In 2023, Independence joined with 12 Philadelphia-area health systems in an effort to phase out race as a factor in clinical guidelines used to make treatment decisions. Deavens is especially proud of the work done to eliminate a discriminatory measure of kidney function that made it take longer for African Americans to get a kidney transplant.

“We persuaded the lab companies that we do business with, as well as the major health systems, to stop using a measure of kidney function that adjusts it for African Americans,” Deavens said. “As a consequence of that, over 700 people have been added to the transplant list.”

Temple University president John Fry recalled the key role Deavens played in 2022 in bringing together a consortium of health systems and others to drum up more than $50 million in aid for St. Christopher’s Hospital for Children, an effort hashed out during a dozen two-hour meetings. St. Chris is a safety-net provider in North Philadelphia owned by Tower Health and Drexel University, where Fry used to be president.

“I think Greg is one of the great civic actors in our city and region,” Fry said Wednesday. “Watching him in action was having a front-row seat to not only a gifted leader, but someone who cares so deeply about health care specifically, and Philadelphia in general.”

Business challenges

Highmark’s entry in the Philadelphia market led to some big changes at Independence.

Independence switched to Dominion Dental from Highmark’s United Concordia for dental insurance. It also moved Highmark to a new provider of backup insurance for employers that pay directly for their employees’ health care. Those moves have gone well, Deavens said.

For more than a decade, Independence had relied on Highmark’s computer systems for back office operations. That didn’t make sense anymore with Highmark as a competitor, Deavens said, so the company developed its own systems and expects to finish moving customers over on July 1, 2025.
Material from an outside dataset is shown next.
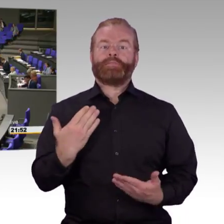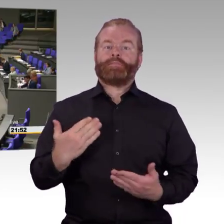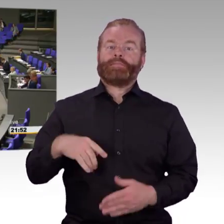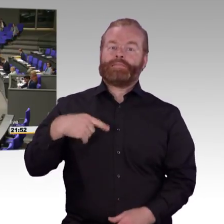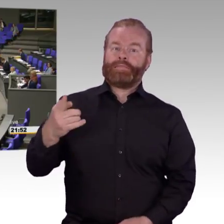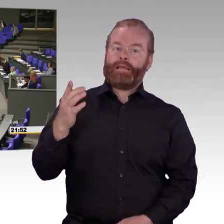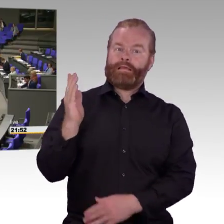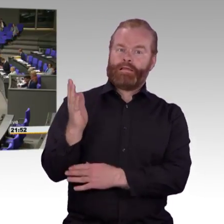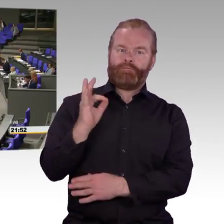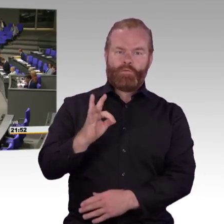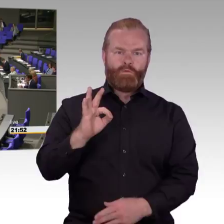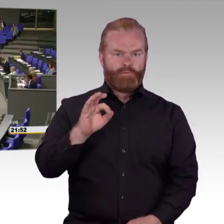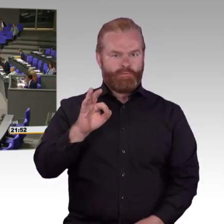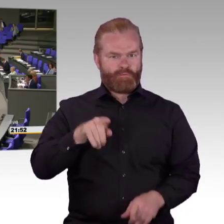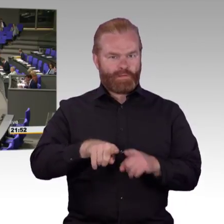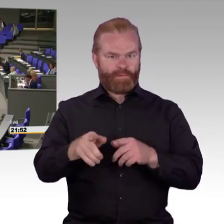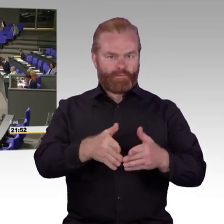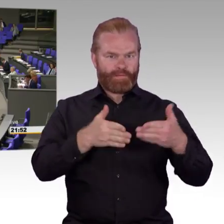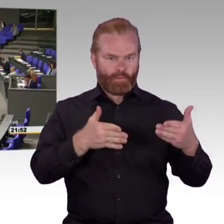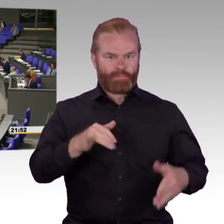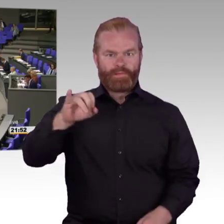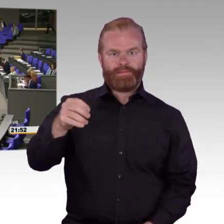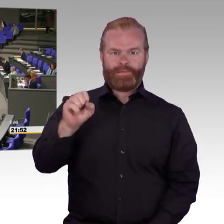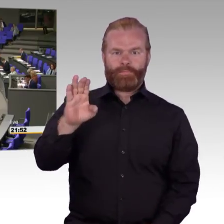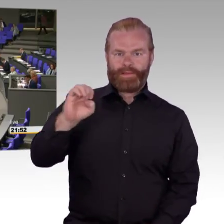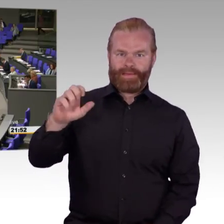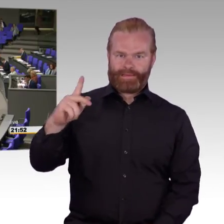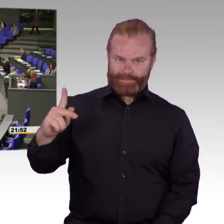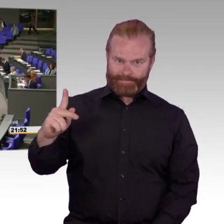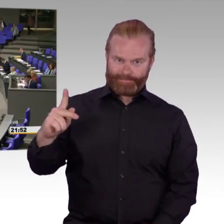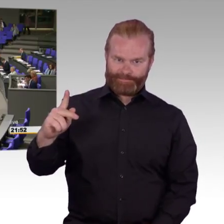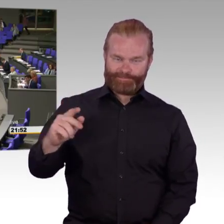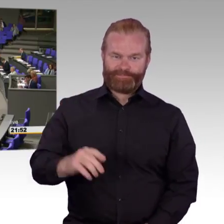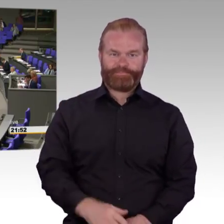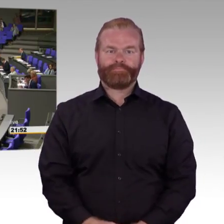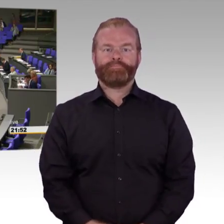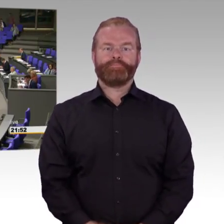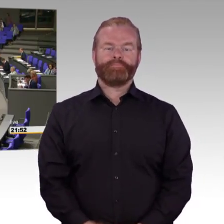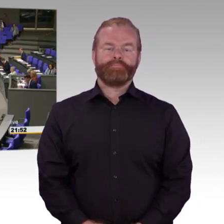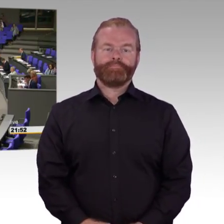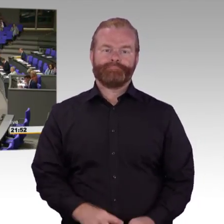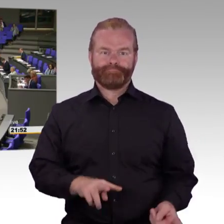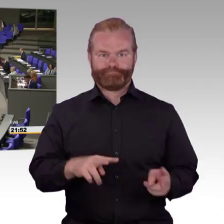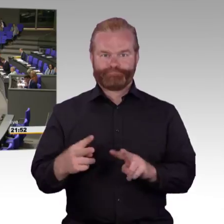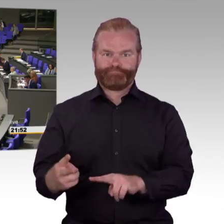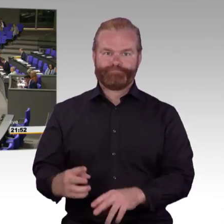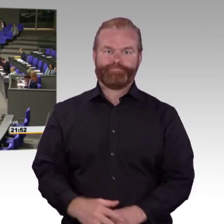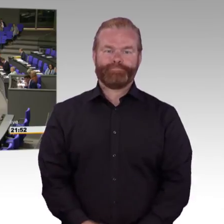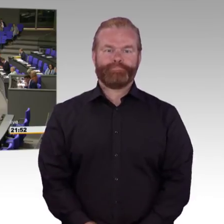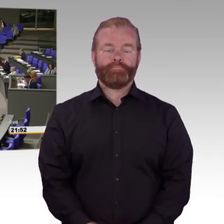unwürdigen Schnellverfahrens bei diesem Gesetz. Es geht neben relativ unstreitigen

“With any of these large, complicated technology changes, you have some bumps in the road, but we haven’t had anything that I would say is broad-based or systemic,” Deavens said.

Deavens serves as board chair at AmeriHealth Caritas, one of the nation’s largest Medicaid insurers. In 2023, Caritas accounted for $23.7 billion of Independence’s $31 billion in revenue.

That business is coming through a turbulent time, because of lost membership after the pandemic and increased use of health services by the people who kept coverage, Deavens said. “I would say ’24 was a challenging year for us in terms of Medicaid,” he said.

He’s confident in new management that he helped bring to the Newtown Square company over the last year.

“The individuals that we have recruited to take the business forward have deep Medicaid experience and deep expertise in the particular functions and subject matters that they are accountable for,” he said.

Editor’s note: This story was updated with additional comment and figures on the company’s employees.